Часы на стене показывали без пяти минут десять. По центральному проходу побежали служки, таща под мышками папки с документами. Судья поднялся с места и вышел из зала, чтобы переоблачиться и через несколько мгновений предстать перед публикой уже в ином, важном и всесильном образе. Всё суетное, человеческое должно раствориться в тусклом свете люстр, чёрная мантия и тяжёлый парик призваны породить новую сущность: некое подобие Вседержителя, бестрепетного творца человеческих судеб, мудрого и справедливого Судию.
В воздух взметнулся судебный молоток, и присутствующих обожгло металлическим звоном гонга. Дверь в судейскую комнату распахнулась:
– Встать! Суд идёт!
Глава II. Вундеркинд
Зал всколыхнулся и вздыбился тёмной людской волной. Все встали. В дверях обозначилась фигура судьи: в мантии и парике он казался выше и значительней. Казалось, парик скрыл не только лысину, но и усталые морщины на сером лице, а мантия спрятала старческую сутулость и придала осанке горделивую выправку. Теперь он уже не был простым смертным, он был – Господь Бог, Высший Судия, призванный отделить зёрна от плевел, правых от виноватых, грешников от праведников.

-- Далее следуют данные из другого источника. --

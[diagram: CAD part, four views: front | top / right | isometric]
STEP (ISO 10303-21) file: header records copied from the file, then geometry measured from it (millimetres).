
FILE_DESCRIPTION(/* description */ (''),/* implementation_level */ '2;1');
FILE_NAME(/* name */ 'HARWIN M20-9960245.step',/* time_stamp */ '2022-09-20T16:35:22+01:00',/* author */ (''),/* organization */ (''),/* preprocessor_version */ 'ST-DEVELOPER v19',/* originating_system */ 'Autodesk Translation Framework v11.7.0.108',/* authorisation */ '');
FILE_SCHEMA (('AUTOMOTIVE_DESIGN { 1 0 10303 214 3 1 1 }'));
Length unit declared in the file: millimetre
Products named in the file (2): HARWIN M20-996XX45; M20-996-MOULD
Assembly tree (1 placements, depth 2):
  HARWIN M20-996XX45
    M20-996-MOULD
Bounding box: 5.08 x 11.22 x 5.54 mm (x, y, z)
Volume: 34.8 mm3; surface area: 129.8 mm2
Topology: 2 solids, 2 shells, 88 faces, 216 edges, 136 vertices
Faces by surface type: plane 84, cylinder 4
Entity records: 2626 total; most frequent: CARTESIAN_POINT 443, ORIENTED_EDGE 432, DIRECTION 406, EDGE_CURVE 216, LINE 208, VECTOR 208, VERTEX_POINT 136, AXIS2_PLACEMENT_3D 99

Он прошествовал на подиум, и публика шумно опустилась на свои стулья. Волна отхлынула, гул толпы прокатился и смолк.
Гонг вторично полоснул по нервам присутствующих, и стало совсем тихо. Зал замер, и на фоне этого внезапного оцепенения особенно рельефно обрисовался торс судьи, словно отрезанный гильотиной стола. Он стоял, как Ника Самофракийская на мраморной лестнице Лувра (только с головой!) – огромный, довлеющий над всеми, подчинивший себе окружающее пространство. В руках он держал новую глянцевую папку, пока ещё совсем лёгкую. В ней был подшит один единственный лист формата А-4, на котором несколько фраз сухим канцелярским языком излагали суть трагедии, вот уже несколько столетий будоражившей весь мир. Именно туда был устремлён напряжённый блеск его очков.

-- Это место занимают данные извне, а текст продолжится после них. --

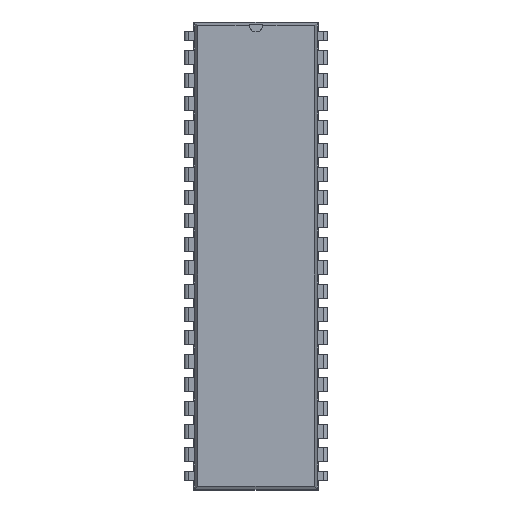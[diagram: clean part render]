
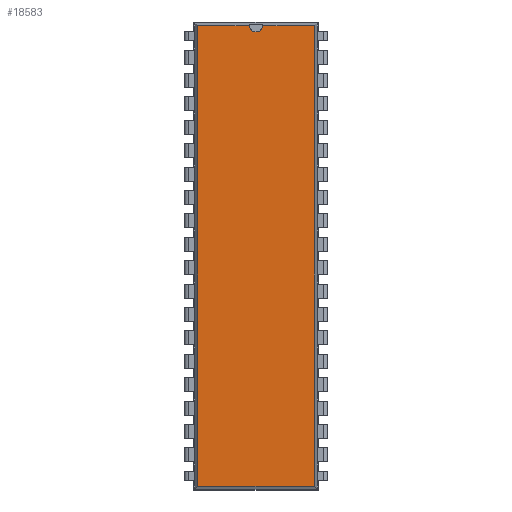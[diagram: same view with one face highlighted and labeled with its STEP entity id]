
A CAD part, top view. The second image highlights one B-rep face of the part: STEP entity #18583.
In plain terms, the highlighted planar face has unit normal (0, 0, 1).
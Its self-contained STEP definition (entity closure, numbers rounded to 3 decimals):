
#10159 = VERTEX_POINT('',#10160);
#10160 = CARTESIAN_POINT('',(13.952,0.871,3.68));
#10165 = EDGE_CURVE('',#10166,#10159,#10168,.T.);
#10166 = VERTEX_POINT('',#10167);
#10167 = CARTESIAN_POINT('',(13.952,-49.131,3.68));
#10168 = LINE('',#10169,#10170);
#10169 = CARTESIAN_POINT('',(13.952,-49.131,3.68));
#10170 = VECTOR('',#10171,1.);
#10171 = DIRECTION('',(0.,1.,0.));
#14125 = VERTEX_POINT('',#14126);
#14126 = CARTESIAN_POINT('',(1.288,0.871,3.68));
#14131 = EDGE_CURVE('',#14132,#14125,#14134,.T.);
#14132 = VERTEX_POINT('',#14133);
#14133 = CARTESIAN_POINT('',(6.874,0.871,3.68));
#14134 = LINE('',#14135,#14136);
#14135 = CARTESIAN_POINT('',(13.952,0.871,3.68));
#14136 = VECTOR('',#14137,1.);
#14137 = DIRECTION('',(-1.,0.,0.));
#14352 = VERTEX_POINT('',#14353);
#14353 = CARTESIAN_POINT('',(8.366,0.871,3.68));
#14457 = EDGE_CURVE('',#10159,#14352,#14458,.T.);
#14458 = LINE('',#14459,#14460);
#14459 = CARTESIAN_POINT('',(13.952,0.871,3.68));
#14460 = VECTOR('',#14461,1.);
#14461 = DIRECTION('',(-1.,0.,0.));
#14613 = VERTEX_POINT('',#14614);
#14614 = CARTESIAN_POINT('',(1.288,-49.131,3.68));
#14619 = EDGE_CURVE('',#14125,#14613,#14620,.T.);
#14620 = LINE('',#14621,#14622);
#14621 = CARTESIAN_POINT('',(1.288,0.871,3.68));
#14622 = VECTOR('',#14623,1.);
#14623 = DIRECTION('',(0.,-1.,0.));
#18572 = EDGE_CURVE('',#14613,#10166,#18573,.T.);
#18573 = LINE('',#18574,#18575);
#18574 = CARTESIAN_POINT('',(1.288,-49.131,3.68));
#18575 = VECTOR('',#18576,1.);
#18576 = DIRECTION('',(1.,0.,0.));
#18583 = ADVANCED_FACE('',(#18584),#18607,.F.);
#18584 = FACE_BOUND('',#18585,.F.);
#18585 = EDGE_LOOP('',(#18586,#18587,#18588,#18589,#18590,#18599,#18606)
);
#18586 = ORIENTED_EDGE('',*,*,#10165,.F.);
#18587 = ORIENTED_EDGE('',*,*,#18572,.F.);
#18588 = ORIENTED_EDGE('',*,*,#14619,.F.);
#18589 = ORIENTED_EDGE('',*,*,#14131,.F.);
#18590 = ORIENTED_EDGE('',*,*,#18591,.F.);
#18591 = EDGE_CURVE('',#18592,#14132,#18594,.T.);
#18592 = VERTEX_POINT('',#18593);
#18593 = CARTESIAN_POINT('',(7.62,0.196,3.68));
#18594 = CIRCLE('',#18595,0.75);
#18595 = AXIS2_PLACEMENT_3D('',#18596,#18597,#18598);
#18596 = CARTESIAN_POINT('',(7.62,0.946,3.68));
#18597 = DIRECTION('',(0.,0.,-1.));
#18598 = DIRECTION('',(0.,-1.,0.));
#18599 = ORIENTED_EDGE('',*,*,#18600,.F.);
#18600 = EDGE_CURVE('',#14352,#18592,#18601,.T.);
#18601 = CIRCLE('',#18602,0.75);
#18602 = AXIS2_PLACEMENT_3D('',#18603,#18604,#18605);
#18603 = CARTESIAN_POINT('',(7.62,0.946,3.68));
#18604 = DIRECTION('',(0.,0.,-1.));
#18605 = DIRECTION('',(0.,-1.,0.));
#18606 = ORIENTED_EDGE('',*,*,#14457,.F.);
#18607 = PLANE('',#18608);
#18608 = AXIS2_PLACEMENT_3D('',#18609,#18610,#18611);
#18609 = CARTESIAN_POINT('',(13.952,-49.131,3.68));
#18610 = DIRECTION('',(0.,0.,-1.));
#18611 = DIRECTION('',(-0.246,0.969,0.));

– Слушается иск по делу Моцарта и Сальери. Согласно обвинению, предъявленному в иске, австрийский композитор Сальери Антонио в 1791 году в Вене отравил своего коллегу, австрийского же композитора Моцарта Вольфганга, по собственному побуждению или чьему-то приказу, а позже инициировал похороны оного «по третьему разряду», то есть, в соответствии с установлением того времени, в общей безымянной могиле, так что впоследствии ни тело, ни могила Моцарта не могли быть найдены и оказались утрачены для потомков. Иск заявлен от лица пострадавшего, то есть Моцарта Вольфганга, ввиду его кончины, произошедшей в 1791 году, его самозаявленным представителем, органисткой, музыковедом, писателем Знаменской Ольгой Павловной. В качестве предмета иска представитель истца выдвигает одно единственное требование: восстановление исторической справедливости и признание вины за упомянутым Сальери без какой-либо материальной компенсации со стороны представителей последнего. В качестве представителя ответчика утверждён самозаявленный же Лаузов Игорь Ефремович, пианист, заслуженный артист РФ. В соответствии с действующим законодательством, в ходе слушания дела и в процессе выяснения обстоятельств данный иск может быть расширен, дополнен и изменён, в нём могут появиться новые фигуранты и, следовательно, новые ответчики.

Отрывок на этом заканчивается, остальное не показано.